Quel objet emporteriez-vous sur une île déserte ou dans une cabane isolée dans la forêt ?
De l’eau… mon mari et mon fils ! Désolé, vous avez dit un objet. Donc, si je devais choisir un objet, je dirais probablement un couteau.
Que vouliez-vous faire plus tard ?
Je ne me souviens pas d’avoir voulu être quelque chose en particulier… Mais je me souviens d’avoir voulu sauver le monde !
Quel est l’endroit qui vous a le plus marqué en Espagne ?
Le parc Güell de Gaudi à Barcelone est un endroit très spécial pour moi en Espagne. Je dirais même que c’est un endroit nostalgique ! Je me souviens d’y être allée quand j’étais petite avec mon père et notre gros chien. À l’époque, dans les années 70, le parc était abandonné. J’ai été impressionnée par l’architecture de Gaudi. La salamandre en mosaïque colorée, “le drac”, et l’incroyable banc en forme de serpent coloré en mosaïque également. J’ai été impressionné par le contraste entre la nature et l’architecture. Quelque chose qui m’intéresse toujours : la façon dont les humains interagissent avec l’endroit où ils vivent. Le parc Güell a beaucoup changé depuis, mais j’aime toujours monter sur la montagne de Barcelone et regarder la ville en contrebas, vers la mer et l’horizon. J’aime imaginer que Gaudi rêvait d’un monde meilleur, ou du moins d’un meilleur espace de vie pour les habitants de Barcelone à l’époque. Ce rêve ne s’est jamais réalisé puisque le projet de ville n’a jamais été achevé, mais il a laissé une énorme empreinte artistique tout autour du parc.

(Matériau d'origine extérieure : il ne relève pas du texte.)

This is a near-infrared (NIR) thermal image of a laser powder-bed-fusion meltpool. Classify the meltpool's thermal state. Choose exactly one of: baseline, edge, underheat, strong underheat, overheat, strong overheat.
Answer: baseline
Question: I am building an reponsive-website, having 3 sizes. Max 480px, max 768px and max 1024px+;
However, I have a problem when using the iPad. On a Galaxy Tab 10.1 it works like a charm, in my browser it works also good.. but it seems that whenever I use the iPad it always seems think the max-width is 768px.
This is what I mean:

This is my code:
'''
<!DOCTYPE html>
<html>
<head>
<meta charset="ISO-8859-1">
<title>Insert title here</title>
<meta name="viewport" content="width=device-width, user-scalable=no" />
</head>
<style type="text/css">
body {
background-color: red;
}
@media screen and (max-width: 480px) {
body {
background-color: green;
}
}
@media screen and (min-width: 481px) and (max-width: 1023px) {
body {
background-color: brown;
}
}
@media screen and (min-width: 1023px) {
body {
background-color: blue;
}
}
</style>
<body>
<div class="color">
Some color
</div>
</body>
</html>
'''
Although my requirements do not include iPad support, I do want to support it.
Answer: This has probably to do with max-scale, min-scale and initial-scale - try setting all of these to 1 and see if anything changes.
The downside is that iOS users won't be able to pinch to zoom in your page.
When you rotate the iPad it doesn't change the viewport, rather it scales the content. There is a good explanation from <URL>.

Un autre endroit très spécial pour moi est la côte du sud de l’Espagne. Des villages et des plages comme Sanlucar de Barrameda, Conil de la Frontera… jusqu’à Tarifa. La nature, les endroits sauvages, les beaux villages authentiques et les plages face à l’océan ! J’aime m’y rendre quand je peux, juste pour contempler le lever du soleil et partager les tapas espagnoles avec mes amis. J’aime le rythme de la vie en Espagne ! Aujourd’hui encore, vivant à Paris, j’aime préparer mes tortillas et autres tapas et les partager avec mes amis parisiens !
Quelle est la chanson qui vous trotte dans la tête ?

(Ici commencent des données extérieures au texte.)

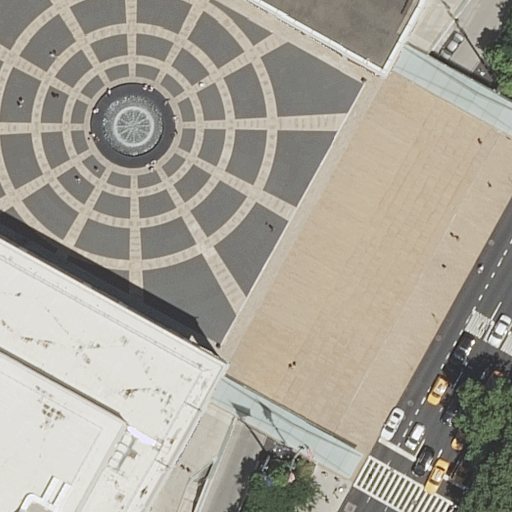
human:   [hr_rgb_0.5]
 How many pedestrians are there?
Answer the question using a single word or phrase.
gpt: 4

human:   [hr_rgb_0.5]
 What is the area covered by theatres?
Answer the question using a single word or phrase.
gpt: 10132m2

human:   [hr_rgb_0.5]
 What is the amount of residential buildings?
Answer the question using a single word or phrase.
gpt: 2

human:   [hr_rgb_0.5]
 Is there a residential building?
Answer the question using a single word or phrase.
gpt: yes

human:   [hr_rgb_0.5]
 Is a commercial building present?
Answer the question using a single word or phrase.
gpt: no

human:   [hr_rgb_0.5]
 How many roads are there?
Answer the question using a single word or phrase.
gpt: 11

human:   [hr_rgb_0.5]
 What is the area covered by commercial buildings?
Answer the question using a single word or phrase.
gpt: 0m2

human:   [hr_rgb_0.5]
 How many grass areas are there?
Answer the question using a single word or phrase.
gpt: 2

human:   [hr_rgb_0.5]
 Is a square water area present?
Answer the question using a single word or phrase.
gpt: yes

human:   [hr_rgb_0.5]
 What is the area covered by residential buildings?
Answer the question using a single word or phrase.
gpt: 10132m2

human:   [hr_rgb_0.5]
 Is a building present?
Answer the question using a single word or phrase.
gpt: yes

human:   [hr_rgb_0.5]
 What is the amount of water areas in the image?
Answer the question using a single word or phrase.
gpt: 1

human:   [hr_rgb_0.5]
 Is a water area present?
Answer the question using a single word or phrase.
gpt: yes

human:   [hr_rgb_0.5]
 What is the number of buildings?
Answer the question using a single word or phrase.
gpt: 2

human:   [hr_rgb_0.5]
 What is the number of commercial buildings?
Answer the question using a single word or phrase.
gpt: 0

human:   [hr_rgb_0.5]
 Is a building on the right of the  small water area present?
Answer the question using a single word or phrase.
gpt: no

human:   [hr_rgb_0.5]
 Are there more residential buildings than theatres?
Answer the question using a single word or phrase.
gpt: no

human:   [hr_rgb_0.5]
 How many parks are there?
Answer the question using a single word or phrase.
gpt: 1

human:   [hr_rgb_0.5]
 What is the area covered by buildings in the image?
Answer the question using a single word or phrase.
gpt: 10132m2

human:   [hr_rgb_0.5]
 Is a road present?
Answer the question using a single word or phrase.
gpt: yes

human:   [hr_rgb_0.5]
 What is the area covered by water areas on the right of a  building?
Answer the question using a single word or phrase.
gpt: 50m2

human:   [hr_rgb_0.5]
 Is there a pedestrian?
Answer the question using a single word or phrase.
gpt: yes

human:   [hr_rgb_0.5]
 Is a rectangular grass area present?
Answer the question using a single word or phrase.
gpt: yes

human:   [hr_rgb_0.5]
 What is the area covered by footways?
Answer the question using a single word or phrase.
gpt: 231m2

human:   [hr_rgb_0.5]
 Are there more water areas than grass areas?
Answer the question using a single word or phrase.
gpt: no

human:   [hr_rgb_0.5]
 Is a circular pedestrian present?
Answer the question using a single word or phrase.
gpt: no

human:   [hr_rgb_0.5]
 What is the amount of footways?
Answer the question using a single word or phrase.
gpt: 2

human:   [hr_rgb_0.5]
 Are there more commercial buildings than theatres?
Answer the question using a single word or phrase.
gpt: no

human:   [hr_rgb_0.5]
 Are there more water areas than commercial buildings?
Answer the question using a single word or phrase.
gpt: yes

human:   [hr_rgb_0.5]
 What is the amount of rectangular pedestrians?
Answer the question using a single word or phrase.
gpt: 2

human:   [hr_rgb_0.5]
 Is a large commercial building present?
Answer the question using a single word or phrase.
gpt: no

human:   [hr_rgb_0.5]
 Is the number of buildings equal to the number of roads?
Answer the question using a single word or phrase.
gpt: no

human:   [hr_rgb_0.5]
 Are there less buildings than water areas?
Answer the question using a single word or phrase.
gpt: no

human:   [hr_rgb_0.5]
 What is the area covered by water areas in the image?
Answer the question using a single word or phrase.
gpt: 50m2

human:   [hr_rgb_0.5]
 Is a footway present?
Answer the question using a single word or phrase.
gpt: yes

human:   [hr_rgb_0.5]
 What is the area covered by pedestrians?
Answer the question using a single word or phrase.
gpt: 1106m2

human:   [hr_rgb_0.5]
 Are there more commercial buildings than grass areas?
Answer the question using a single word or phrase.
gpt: no

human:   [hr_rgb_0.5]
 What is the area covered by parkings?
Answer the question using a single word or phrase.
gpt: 6846m2

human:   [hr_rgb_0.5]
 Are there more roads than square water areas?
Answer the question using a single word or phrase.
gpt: yes

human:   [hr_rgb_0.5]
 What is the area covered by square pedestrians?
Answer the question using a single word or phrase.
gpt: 0m2

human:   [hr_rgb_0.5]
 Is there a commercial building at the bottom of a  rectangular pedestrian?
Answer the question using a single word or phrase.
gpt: no

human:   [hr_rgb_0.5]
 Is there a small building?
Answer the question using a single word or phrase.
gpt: no

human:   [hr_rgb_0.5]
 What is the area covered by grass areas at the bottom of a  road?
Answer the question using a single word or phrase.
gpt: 162m2

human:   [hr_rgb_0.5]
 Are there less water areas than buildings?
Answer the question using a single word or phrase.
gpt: yes

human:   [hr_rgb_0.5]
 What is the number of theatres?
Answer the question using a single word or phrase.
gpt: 2

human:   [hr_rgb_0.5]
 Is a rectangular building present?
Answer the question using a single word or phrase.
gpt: yes

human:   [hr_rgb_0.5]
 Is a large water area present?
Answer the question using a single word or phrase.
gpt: no

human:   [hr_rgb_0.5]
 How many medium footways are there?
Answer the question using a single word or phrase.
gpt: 1

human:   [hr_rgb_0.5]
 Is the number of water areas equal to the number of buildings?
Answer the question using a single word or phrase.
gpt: no

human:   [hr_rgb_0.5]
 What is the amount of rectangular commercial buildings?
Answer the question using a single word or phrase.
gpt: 0

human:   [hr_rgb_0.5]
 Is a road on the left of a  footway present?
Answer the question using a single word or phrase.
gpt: yes

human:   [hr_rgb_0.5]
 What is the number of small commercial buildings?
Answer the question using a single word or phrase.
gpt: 0

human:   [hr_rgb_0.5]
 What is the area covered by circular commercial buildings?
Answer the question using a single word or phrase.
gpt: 0m2

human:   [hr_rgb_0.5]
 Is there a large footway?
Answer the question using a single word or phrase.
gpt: no

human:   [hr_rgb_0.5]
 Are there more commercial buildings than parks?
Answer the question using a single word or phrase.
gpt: no

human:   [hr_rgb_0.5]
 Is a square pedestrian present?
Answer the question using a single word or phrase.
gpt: no

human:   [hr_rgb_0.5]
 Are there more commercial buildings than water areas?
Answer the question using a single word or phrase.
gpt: no

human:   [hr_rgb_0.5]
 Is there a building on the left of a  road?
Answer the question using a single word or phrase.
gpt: yes

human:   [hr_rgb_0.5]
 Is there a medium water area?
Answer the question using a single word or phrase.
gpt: no

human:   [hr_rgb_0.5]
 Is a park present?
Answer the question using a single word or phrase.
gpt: yes

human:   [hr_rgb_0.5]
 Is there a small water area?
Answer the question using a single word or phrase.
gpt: yes

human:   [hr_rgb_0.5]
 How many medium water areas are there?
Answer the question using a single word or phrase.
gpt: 0

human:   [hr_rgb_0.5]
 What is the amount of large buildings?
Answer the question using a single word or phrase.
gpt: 2

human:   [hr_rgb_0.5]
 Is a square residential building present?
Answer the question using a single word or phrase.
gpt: no
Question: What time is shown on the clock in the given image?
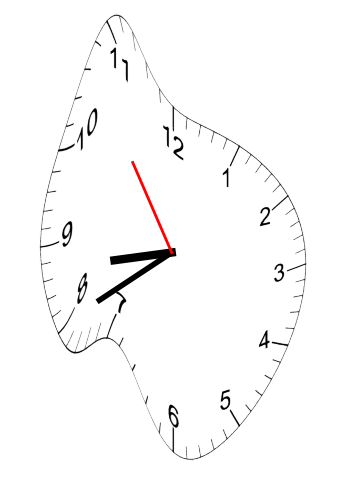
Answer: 08:39:54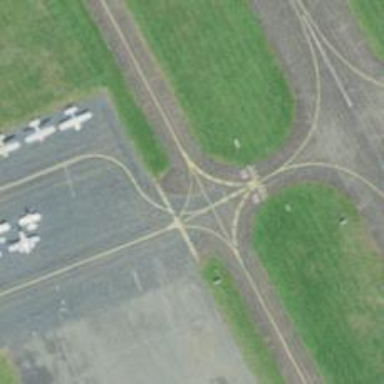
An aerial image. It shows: Image of taxiway at airport.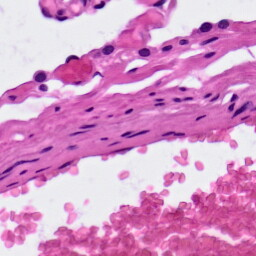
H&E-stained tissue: Lung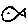
Label: fish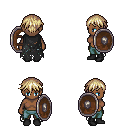
a pixel art fantasy rpg character, female body template, human, dark skin, black tattered cape, teal pants, white blonde short bangs hairstyle, black shoes, shield, four views (front, back, left, right), 2x2 character sprite sheet, small pixel art, hard edges, no anti-aliasing

J’adore la musique. À la maison, nous écoutons de la musique toute la journée : Du rock, du jazz, du piano, du flamenco ou du classique français comme Georges Brassens. Tous les types de musique, selon notre humeur. Alors ici et maintenant, aujourd’hui, je dirais que j’ai 3 morceaux qui me trottent dans la tête :
- Where is my mind des Pixies. J’adore la mélodie de cette chanson. Nostalgique, poétique et aussi rock.

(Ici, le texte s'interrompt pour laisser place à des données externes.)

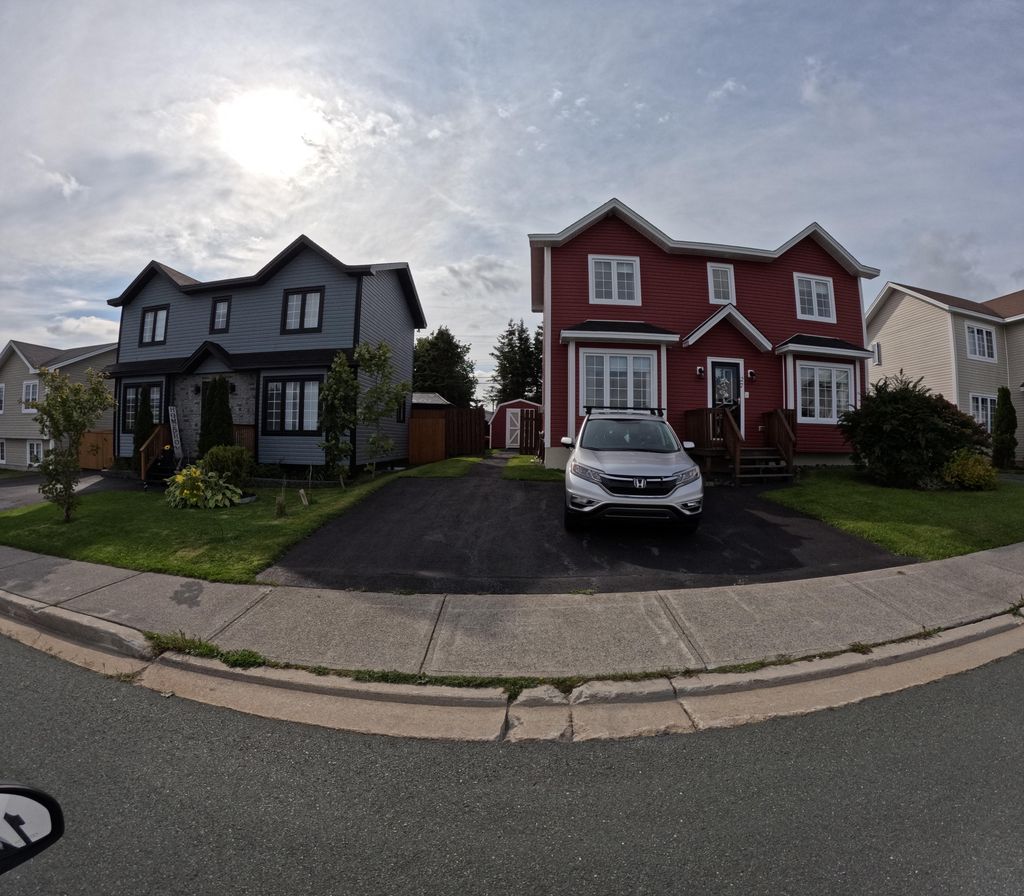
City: st_johns
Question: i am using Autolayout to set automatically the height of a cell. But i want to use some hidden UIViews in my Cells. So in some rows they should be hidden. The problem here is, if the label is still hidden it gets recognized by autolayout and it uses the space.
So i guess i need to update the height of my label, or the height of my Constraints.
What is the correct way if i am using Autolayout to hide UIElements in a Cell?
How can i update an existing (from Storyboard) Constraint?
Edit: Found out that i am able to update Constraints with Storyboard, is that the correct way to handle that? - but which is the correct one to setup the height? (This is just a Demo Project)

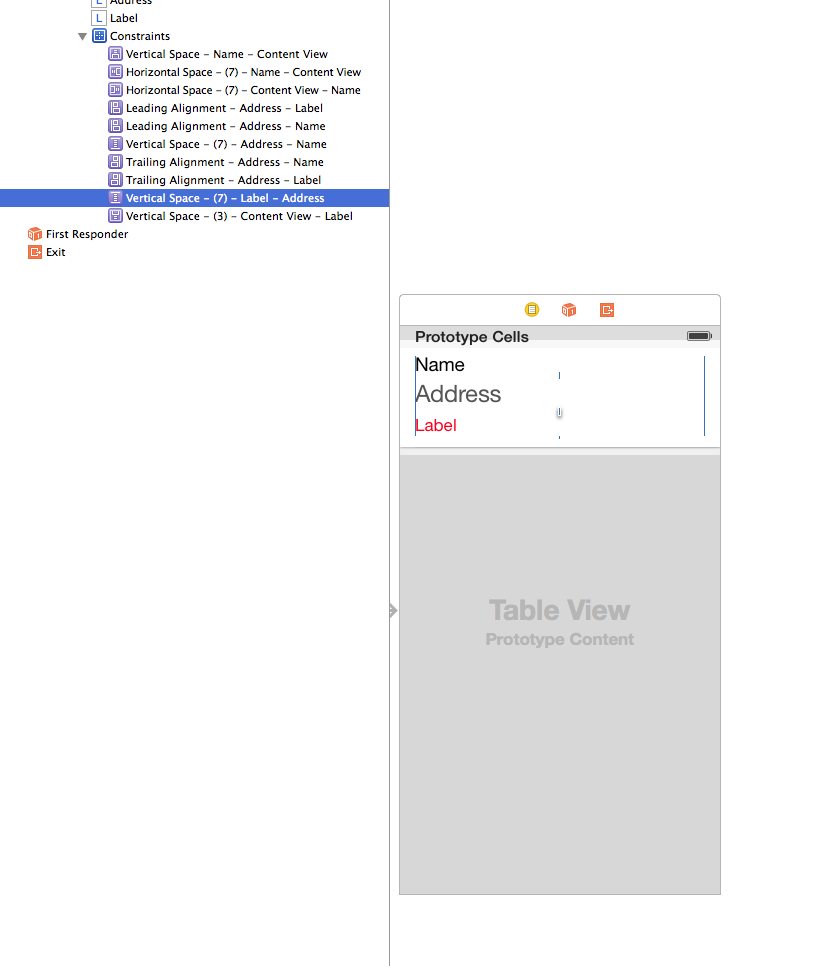
Answer: This is standard task with autolayout. Currently, there are two ways of solving this task:
1. Removing hidden views
2. Changing constraints priority
Looks pretty easy and you won't have any problems if you don't use UITableView (you have to put it back in 'prepareForReuse'), UICollectionView or your data can appear while you're on screen, where you've just removed views.
Removing of views is "heavy" operation, so you need to think twice, if you pick this way.
In :
'''
- (void) prepareForReuse {
[super prepareForReuse];
// add removed views again
// establish constraints
}
- (void) configureCell {
// check if you need to hide a view
[view removeFromSuperview];
}
'''
Assume, you have following cell:
>
---
View AView B
---
If B sometimes can be hidden, then specify for View A following constraints:
Space to B with 750
Bottom Space to superview with 500
If you set B as hidden, change space to B = 500, bottom space to superview = 750.
Undo that change in 'prepareForReuse'

- Cuando un amigo se va, algo se muere en el alma par Los Amigos de Gines. C’est une chanson traditionnelle espagnole que j’ai maintenant dans la tête car une amie très proche vient de nous quitter et j’écoute cette chanson en son hommage.
- White keys par Chili Gonzalez. Chilly Gonzales est un fabuleux compositeur, musicien, et un incroyable pianiste ! En fait, je viens d’apprendre qu’il vient du Canada ! Montréal !
Quel livre emportes-tu dans ton sac à dos ?
J’adore lire. Lire, c’est apprendre, rêver, s’amuser ou pleurer. La lecture peut nous aider à mieux comprendre l’histoire. La lecture peut être amusante ou douloureuse. Et parfois, la lecture peut être comme un sédatif et m’aider à arrêter de penser… J’aime particulièrement lire des autobiographies et des biographies - des histoires vraies. Je viens de lire Mr Train, une autobiographie de Patti Smith, une chanteuse, artiste et écrivain que j’adore. Mais en ce moment, le livre que j’ai dans mon sac est Women who run with wolves (Les femmes qui courent avec les loups). C’est un livre très spécial que toutes les femmes devraient lire ! Un livre du Dr Clarissa Pinkola Estés, le résultat de ses recherches pendant plus de 20 ans. Un livre sur les femmes, la psyché féminine, nos instincts et notre créativité. Mais il faut prendre son temps pour le lire.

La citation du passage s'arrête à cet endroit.